Stillpoints and reference-level speakers


Seems logical to assume that the makers of megabuck speakers would use superior footers in their designs. Any experience out there with Stillpoints isolation devices to support the reference-level offerings from Magico, TAD, Rockport, Tidal, and others?
psag
Agear, generally when you hear people claiming to be scientists they really are engineers, who think we know everything about how nature works. I once was majoring in EE, when the discussion of Ohm's law came up. I was an undergraduate assistant in physics lab and said that I had noticed a normal distribution in student results in measuring current flow in various circuits.
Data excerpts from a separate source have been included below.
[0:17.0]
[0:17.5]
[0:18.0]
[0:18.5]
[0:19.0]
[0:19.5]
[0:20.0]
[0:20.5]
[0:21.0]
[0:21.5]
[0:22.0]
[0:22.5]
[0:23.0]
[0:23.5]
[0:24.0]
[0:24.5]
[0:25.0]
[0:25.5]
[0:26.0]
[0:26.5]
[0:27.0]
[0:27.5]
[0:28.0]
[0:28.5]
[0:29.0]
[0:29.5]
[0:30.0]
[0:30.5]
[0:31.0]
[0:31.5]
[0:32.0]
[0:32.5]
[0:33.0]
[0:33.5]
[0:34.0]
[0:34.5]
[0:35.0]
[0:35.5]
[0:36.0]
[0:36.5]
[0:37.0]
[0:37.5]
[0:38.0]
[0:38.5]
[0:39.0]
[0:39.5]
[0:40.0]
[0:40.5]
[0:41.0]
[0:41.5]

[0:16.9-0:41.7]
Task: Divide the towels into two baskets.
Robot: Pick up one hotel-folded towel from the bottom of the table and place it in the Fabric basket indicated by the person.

The professor said that the students measurement were just not accurate enough, but my physics professor said that there were other factors that we had yet to account for.

I must admit that I just dismiss those who make claims that engineers know all there is to know. I fully expect that individual tastes in music reproduction leads them to different buying decisions.
I look at footers as tuning devices. As such, the appropriate type of footer--whether it is designed to tightly couple the speaker to the floor or whether it is designed to decouple the speaker from the floor and dissipate energy in the device--depends on the specific system and room characteristics. For example, coupling to a poured concrete floor is entirely different in effect to coupling to a suspended wooden floor (where coupling could make the floor act as a sounding board).
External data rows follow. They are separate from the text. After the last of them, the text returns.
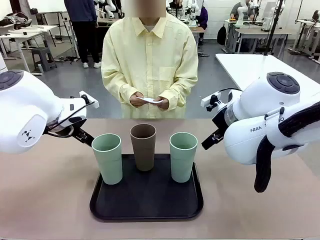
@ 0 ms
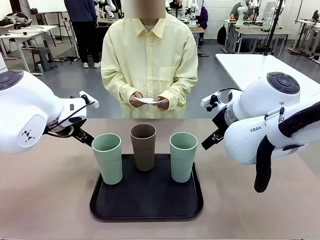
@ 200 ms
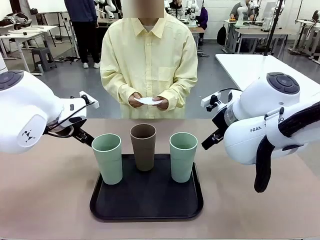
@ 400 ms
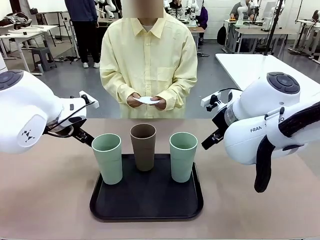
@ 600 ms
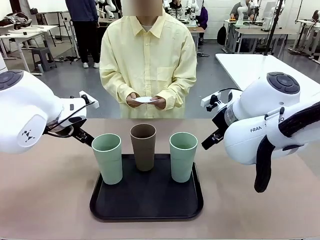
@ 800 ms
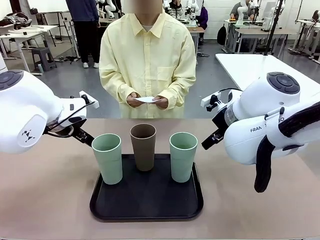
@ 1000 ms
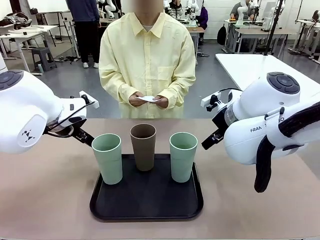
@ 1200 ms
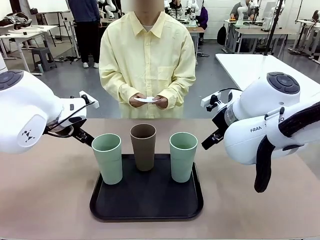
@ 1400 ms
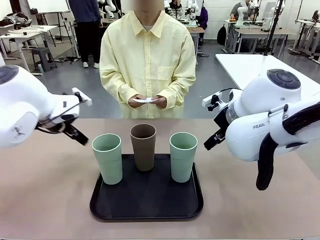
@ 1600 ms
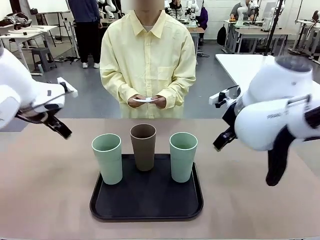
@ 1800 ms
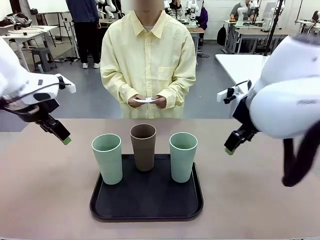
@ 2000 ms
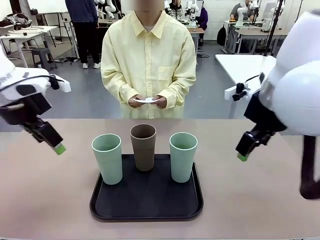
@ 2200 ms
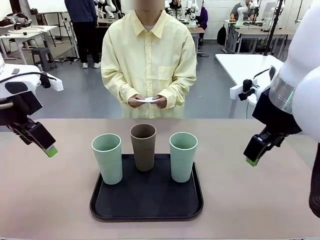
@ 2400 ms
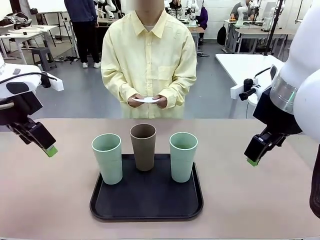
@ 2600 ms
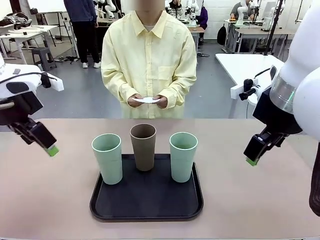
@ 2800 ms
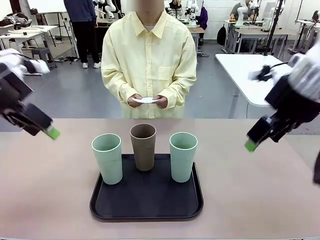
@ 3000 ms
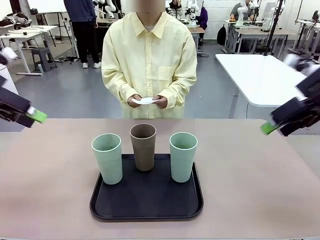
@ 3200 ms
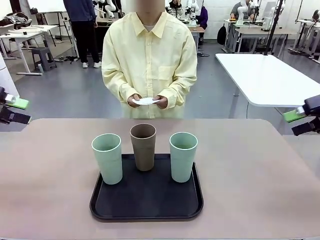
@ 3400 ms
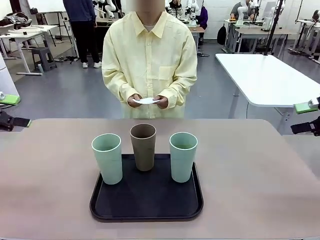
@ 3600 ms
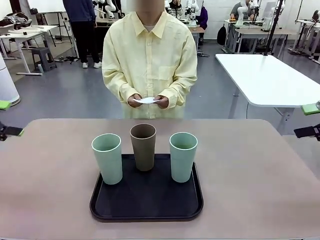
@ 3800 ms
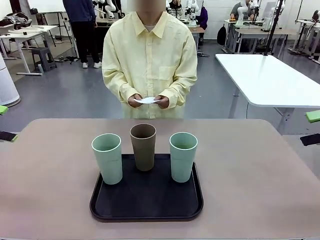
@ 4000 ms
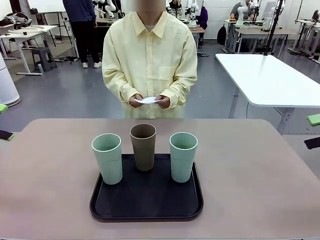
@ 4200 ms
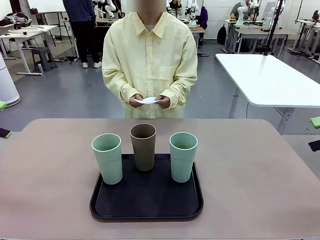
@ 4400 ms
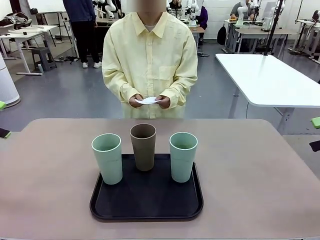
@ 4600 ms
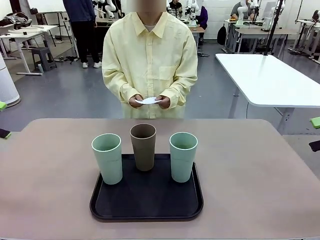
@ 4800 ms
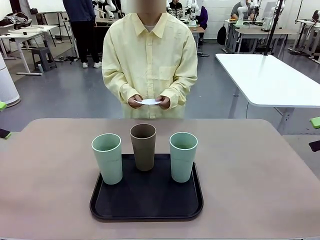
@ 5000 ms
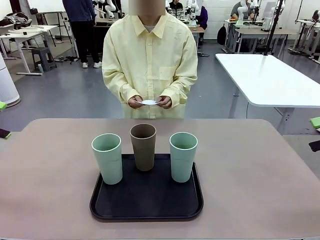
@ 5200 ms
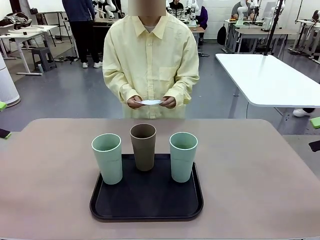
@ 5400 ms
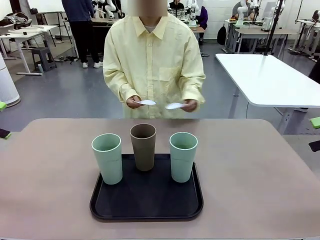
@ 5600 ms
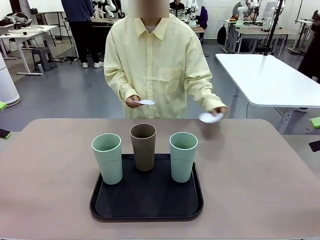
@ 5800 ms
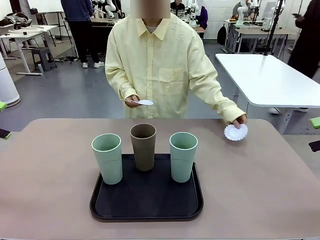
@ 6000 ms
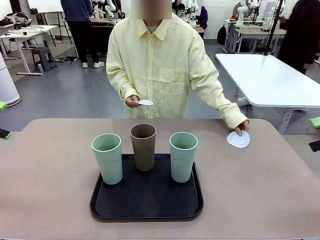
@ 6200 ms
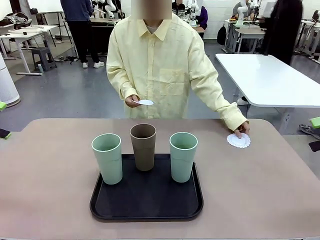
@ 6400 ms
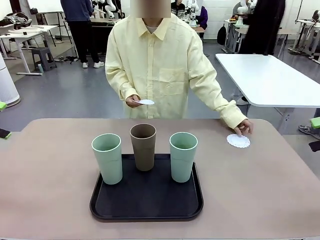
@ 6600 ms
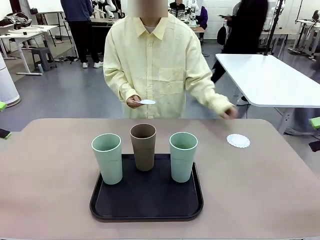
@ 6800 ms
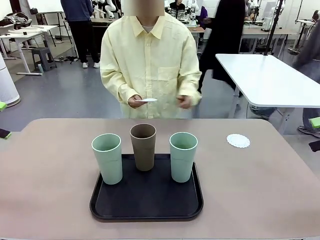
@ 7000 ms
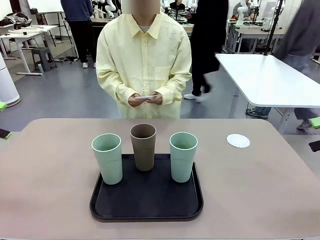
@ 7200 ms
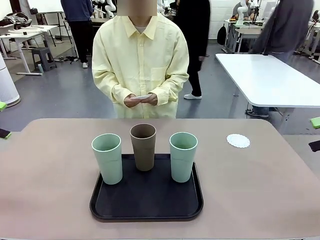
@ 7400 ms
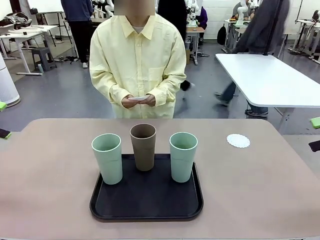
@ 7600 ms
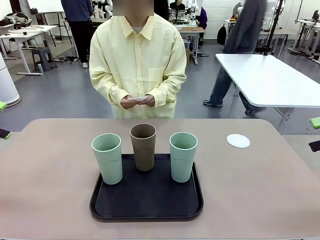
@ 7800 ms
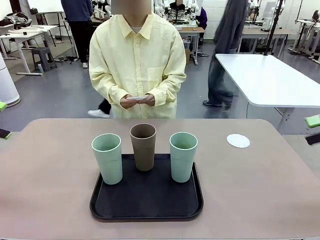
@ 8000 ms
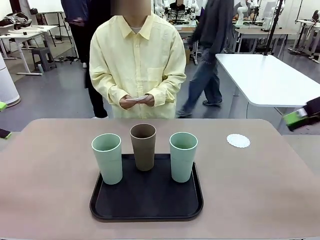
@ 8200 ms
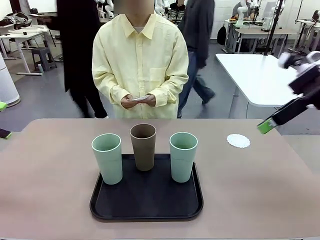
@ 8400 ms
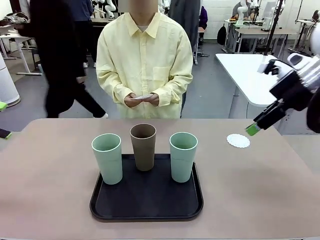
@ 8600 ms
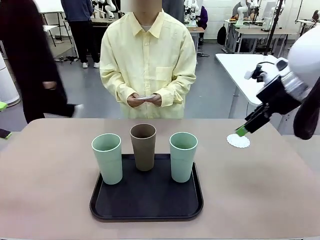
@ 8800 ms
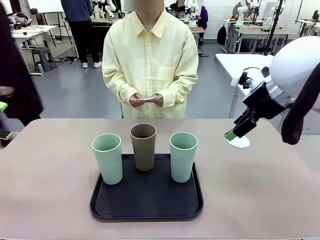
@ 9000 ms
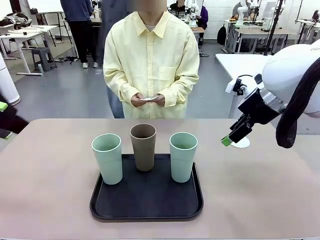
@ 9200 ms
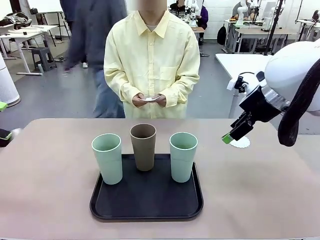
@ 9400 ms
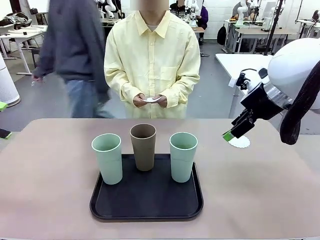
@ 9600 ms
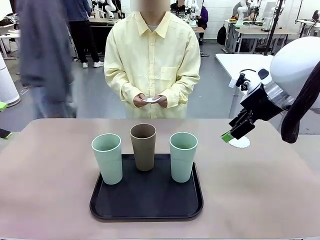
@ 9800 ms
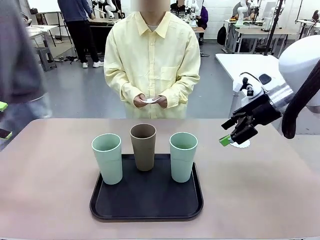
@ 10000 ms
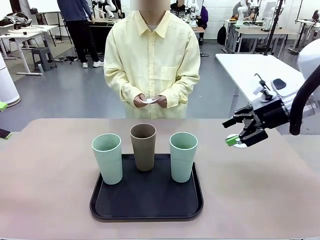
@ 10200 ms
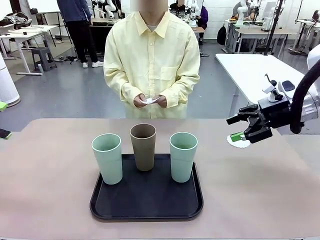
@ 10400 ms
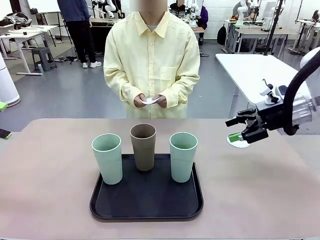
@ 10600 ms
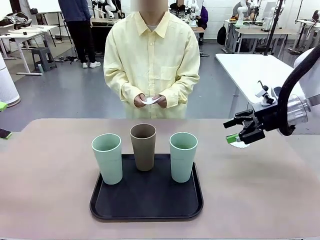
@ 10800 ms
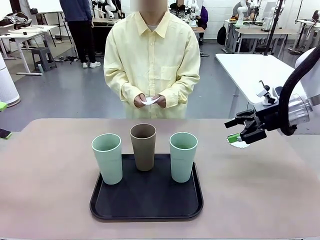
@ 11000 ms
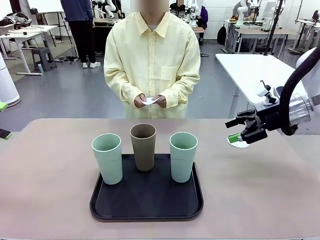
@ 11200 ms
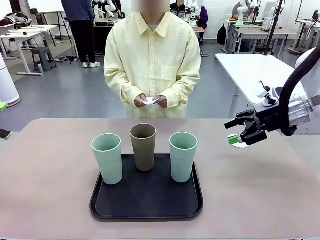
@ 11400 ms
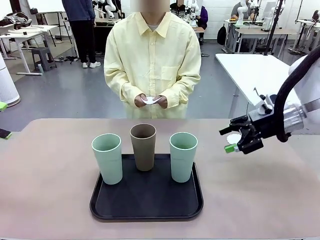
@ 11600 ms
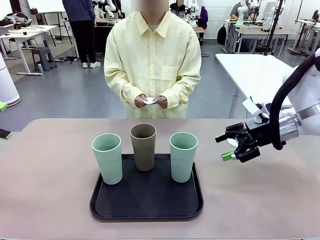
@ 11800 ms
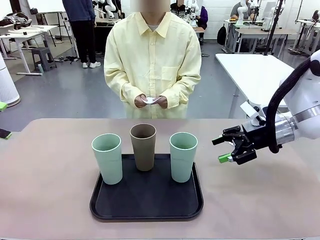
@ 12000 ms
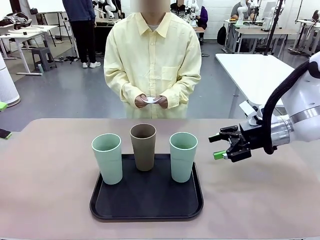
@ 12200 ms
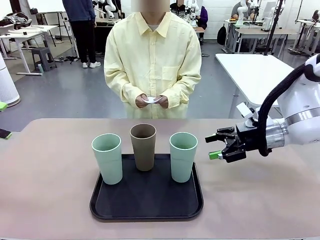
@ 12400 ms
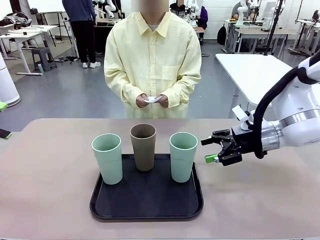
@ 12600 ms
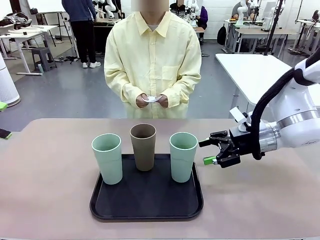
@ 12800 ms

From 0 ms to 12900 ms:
Task: Place coasters on the table and set cups on them.
Robot: Pick up one Reusable plastic cup and place it on a coaster set by the human.
Person: Place one coaster in any one of the three lower areas of the robot table (left, center, or right).

Because there is no one singular "right" approach in all circumstances, it would not make sense for the designer to build in multi-thousand dollar footers or speaker platforms when that might be the "wrong" approach in a particular application.

I use Symposium platforms under my speakers. I have heard experiments with the same platforms under other speakers in someone else's system where that was NOT the way to go. With all such tuning devices, experimentation is the way to go. I cannot think of any such devices which universally improve sound--components, environment, personal taste all matter; if it alters the sound, it can alter it for good or bad.
Larryi, in principle I agree with you but I only one time found a device where the Stillpoints don't improve the performance of a component. It was on a HB Cable Designs Acrylic PowerSlave. I used them on three turntables, five amps, four preamps, and four dacs or universal players. My experience with the Star Sound Tech. Apprentics, completely different concept devices, is limited to one pair of speakers, two amps, three preamps, and a pair of external crossovers. I have heard no instance where they didn't greatly improve the sound. They have a different sound than the Stillpoints, however.

I have piles of other platforms and feet around, that were each somewhat different, but could not compete with either the Stillpoints or the Star Sound Apprentics.
There plenty of info out there just look. http://forums.naimaudio.com/topic/equipment-stand-and-speaker-spikes-why?reply=1566878606786862 Another http://www.avsforum.com/forum/91-audio-theory-setup-chat/1405998-spikes-vs-soft-feet-under-speakers.html another http://theadvancedaudiophile.blogspot.com/2011/07/no-spikes-club.html
That's just guys posting stuff on the internet.

You could say the same thing about Tbg, Charles1dad, Agear, Roxy54 and others on this thread, and you'd be right about that. The difference is they actually used the products being discussed before they posted stuff on the internet.